Cockpit-HQ / Cockpit

Cockpit Core - Content Platform
https://getcockpit.com
Other
388 stars 47 forks source link

added missing acl settings #99

Closed raffaelj closed 1 year ago

raffaelj commented 1 year ago

'app/finder' 'app/resources/unlock' 'app/system/info' 'app/spaces'

aheinze commented 1 year ago

Thanks for the contribution! Regarding the finder permissions, I think is better to keep it only for "admins".

raffaelj commented 1 year ago

You're right. I remember asking you about the same thing for v1 a few years ago. I was just focused on the mapping between v1 and v2 permissions and scraped the code for missing pieces.

Now there is a theoretical problem. If I just remove the app.permissions.collect part, there is no GUI option to allow finder access anymore. But users with app/roles/manage permission can send a custom request to http://localhost:9090/system/users/roles/save and enable permissions, that are hidden from the GUI. It's theoretical, because users with app/roles/manage access can create admin roles anyway (If they have app/users/manage rights or if they grant them to their role with the same technique).

Maybe it would be better to introduce a warning to some permissions, that they are only cosmetic for users with backend access (also I didn't find an implementation for users without backend access in v2).

This could look like this:

$this->on('app.permissions.collect', function($permissions) {

    $permissions['Finder'] = [
        'app/finder' => [
            'label' => 'Manage files',
            'warning'  => 'If enabled, this user group can grant themself admin access.',
        ],
    ];
});

And now I realized, that the users and roles permissions are directly defined in modules/System/views/users/roles/role.php. This feels very counter-intuitive. They should be defined in modules/System/admin.php, too.

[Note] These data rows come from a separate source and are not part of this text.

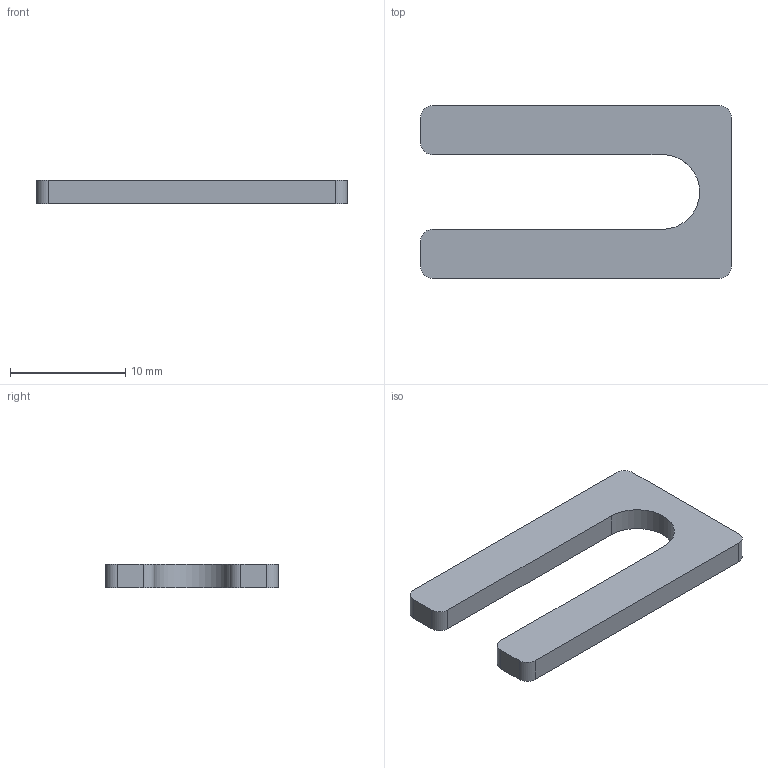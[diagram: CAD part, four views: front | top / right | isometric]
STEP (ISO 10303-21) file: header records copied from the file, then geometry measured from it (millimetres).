
FILE_DESCRIPTION(/* description */ ('STEP AP242','CAx-IF Rec.Pracs.---Representation and Presentation of Product Manufacturing Information (PMI)---4.0---2014-10-13','CAx-IF Rec.Pracs.---3D Tessellated Geometry---0.4---2014-09-14','2;1'),/* implementation_level */ '2;1');
FILE_NAME(/* name */ '66b171af84b2ab750ea91d1a',/* time_stamp */ '2024-08-06T00:48:30Z',/* author */ (''),/* organization */ (''),/* preprocessor_version */ 'ST-DEVELOPER v20',/* originating_system */ ' ',/* authorisation */ ' ');
FILE_SCHEMA (('AP242_MANAGED_MODEL_BASED_3D_ENGINEERING_MIM_LF { 1 0 10303 442 1 1 4 }'));
Length unit declared in the file: metre
Products named in the file (1): DSCH144-M200
Bounding box: 27 x 15 x 2 mm (x, y, z)
Volume: 501.3 mm3; surface area: 755.5 mm2
Topology: 1 solids, 1 shells, 16 faces, 42 edges, 28 vertices
Faces by surface type: plane 9, cylinder 7
Entity records: 522 total; most frequent: DIRECTION 90, CARTESIAN_POINT 87, ORIENTED_EDGE 84, EDGE_CURVE 42, AXIS2_PLACEMENT_3D 31, LINE 28, VECTOR 28, VERTEX_POINT 28

raffaelj commented 1 year ago

But users with app/roles/manage permission can send a custom request to http://localhost:9090/system/users/roles/save and enable permissions

I had a second look. This doesn't affect the Finder, because the controller is only bound, if the user is admin.

See: https://github.com/Cockpit-HQ/Cockpit/blob/develop/modules/Finder/admin.php#L7

So it still feels inconsistent, to check for an app/finder permission on the settings page and in the before method of the finder controller, but I was wrong about the theoretical security issue.